One can run a database on an EC2 instance with the data stored on an EBS drive. One can use a managed service like AWS RDS to manage the database instance and store for you. One can choose between the conventional relational databases: Postgres, Sybase, Oracle, MS SQL Server, or one can use a column based data warehouse like AWS RedShift. One can use distributed no-SQL database like Azure CosmosDB or AWS DynamoDB. One can even use the Redis distributed case to persist data. For many problem AWS S3 or Azure Blob storage is sufficient and can be optimized using AWS CloudFront. Each has it's own use cases the trade offs.
Database hardware has changed since the noughties. In the past most data was kept on a hard drive with an in-memory cache, nowadays most databases fit entirely into high speed memory. Seek times on hard drives are very slow compared to solid state disks.

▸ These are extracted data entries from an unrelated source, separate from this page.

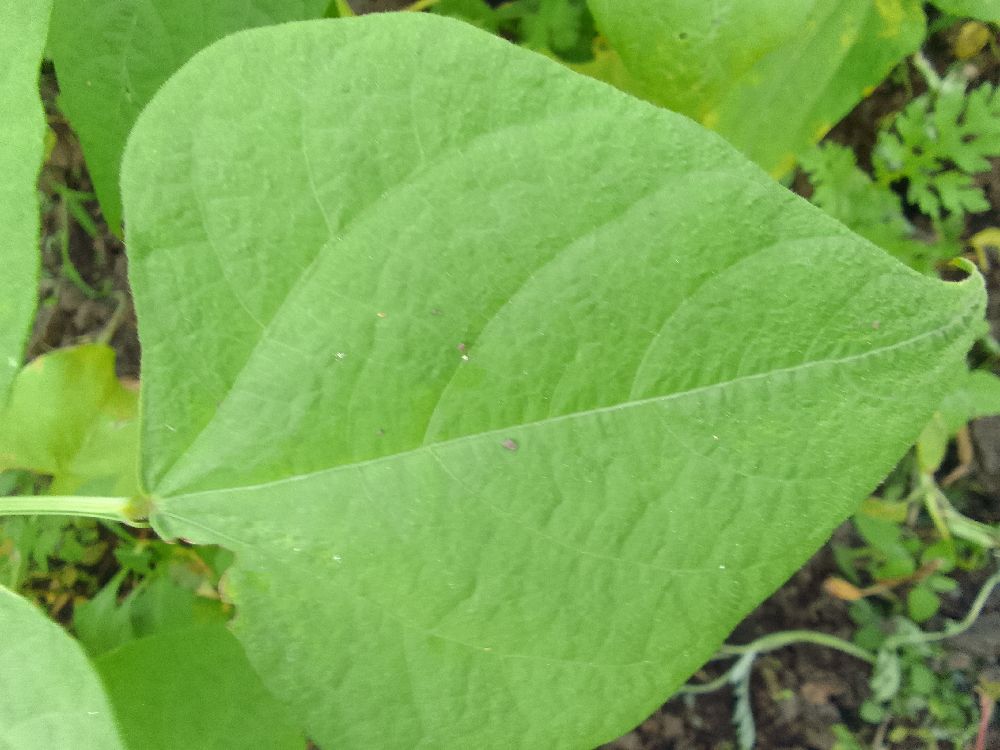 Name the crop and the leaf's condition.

common bean, healthy
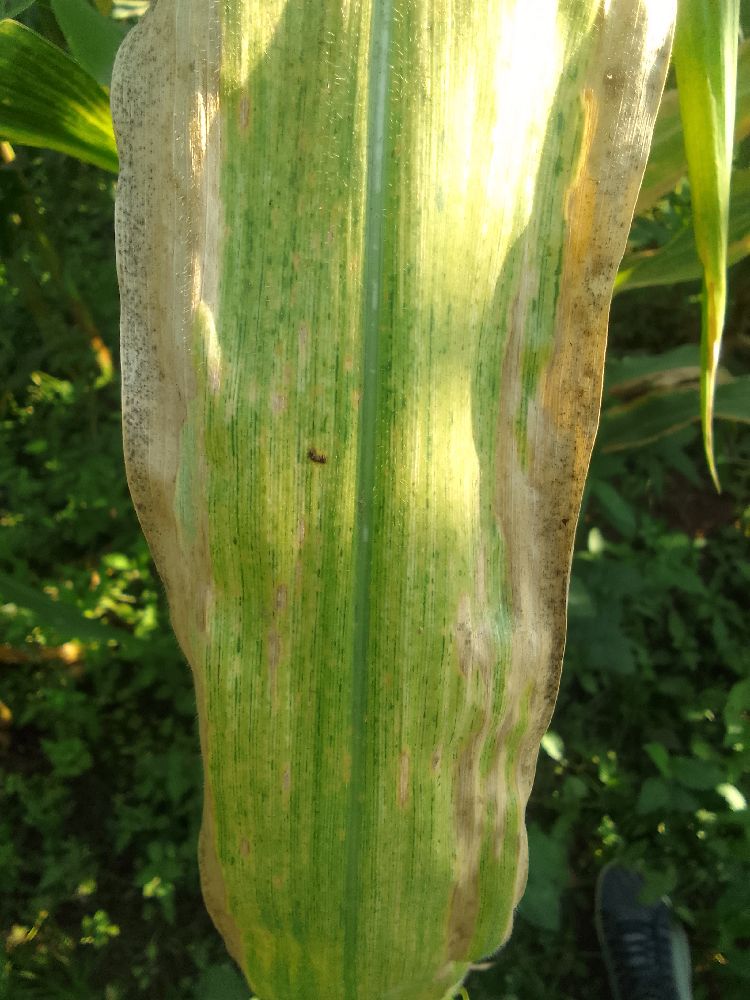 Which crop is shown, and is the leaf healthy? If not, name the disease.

maize, maize lethal necrosis
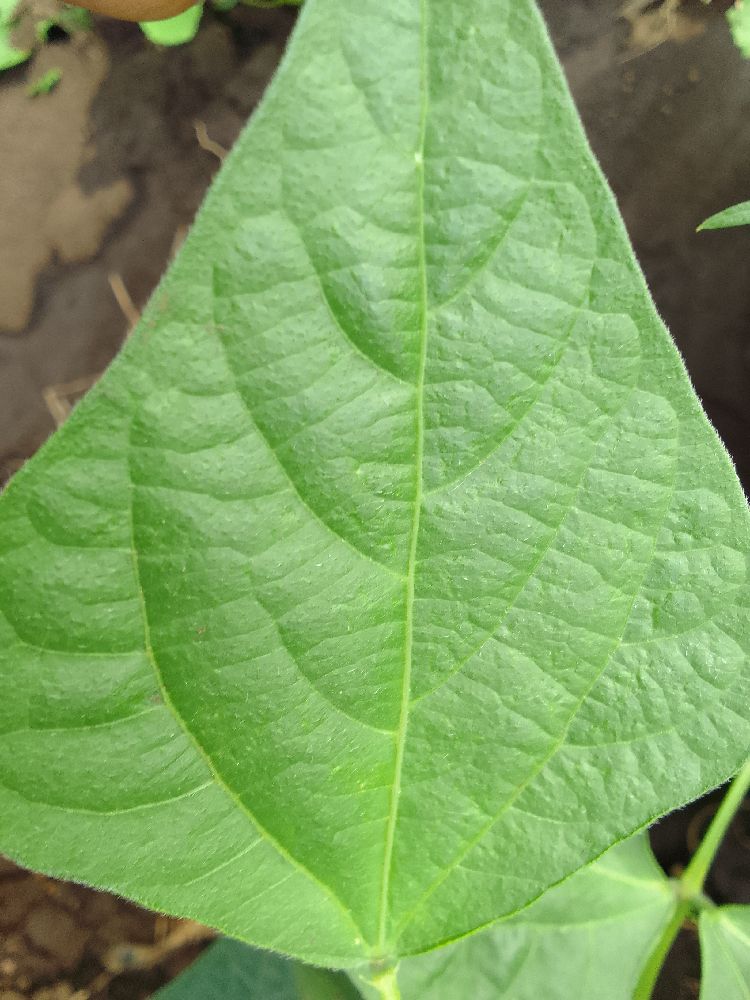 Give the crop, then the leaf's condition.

common bean, healthy
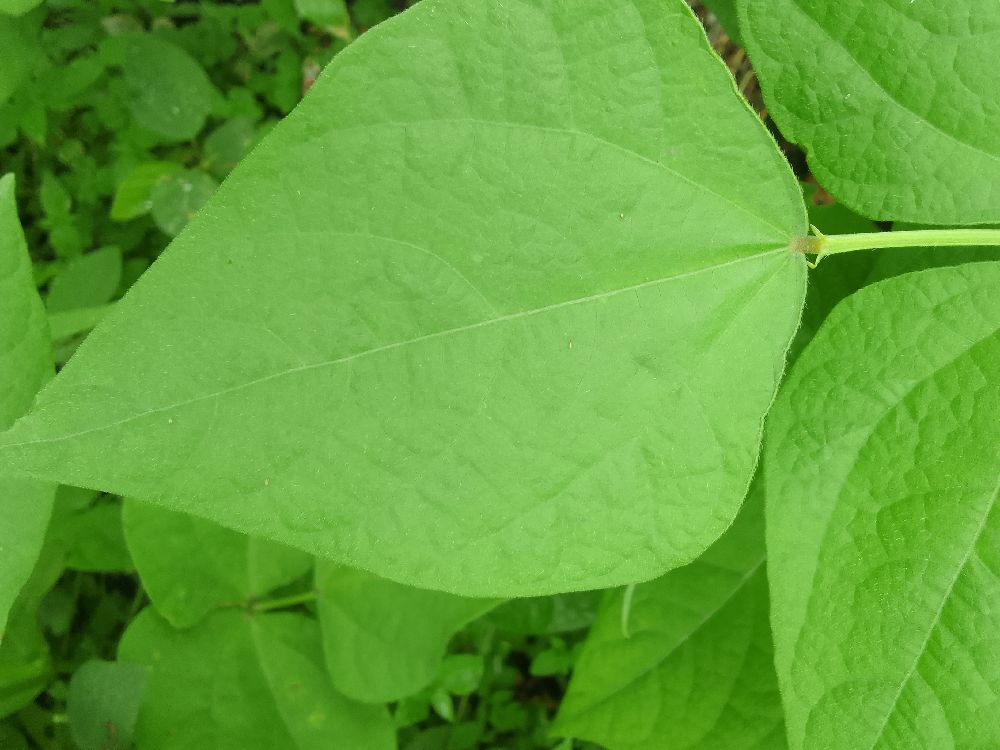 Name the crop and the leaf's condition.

common bean, healthy

In choosing a data store I feel the important to understand the CAP Theorem. If you have a really high number of transactions then it becomes impossible to use a conventional RDBMS with pessimistic transactions, because the volume is too high to keep everything consistent. At that point one is forced to look into optimistic concurrency. The point I would like to make here is that modern No-SQL databases are not necessarily intrinsically better than older RDBMS, they are just there for a particular use case and if you don't have that use case you are likely better of with an RDBMS.
Examples of asynchronous messaging systems include Amazon Simple Queue Service (SQS), Kafka, Amazon Kinesis. Kinesis is actually very similar to Kafka in design and is suited to huge volumes of data that can be processed in parallel. They sit, in my mind, on the spectrum between batch systems and messaging systems, in that consumers can process a window of messages which is like a small batch or a collection of individual messages; this is more efficient that processing one message at a time but not as responsive. So if you just need point to point messaging SQS is a lot simpler.
Summary
In summary, as a developer coming to the Cloud, think of Security, System and network Administration, get used to bash. Be aware of the CAP Theorem, you can have 100% availability but not consistency. Make sure you really understand consistency, distributed transactions, pessimistic transactions and optimistic transactions. For operations logging and dashboards. There is so much choice in the Cloud one can very easily over engineer.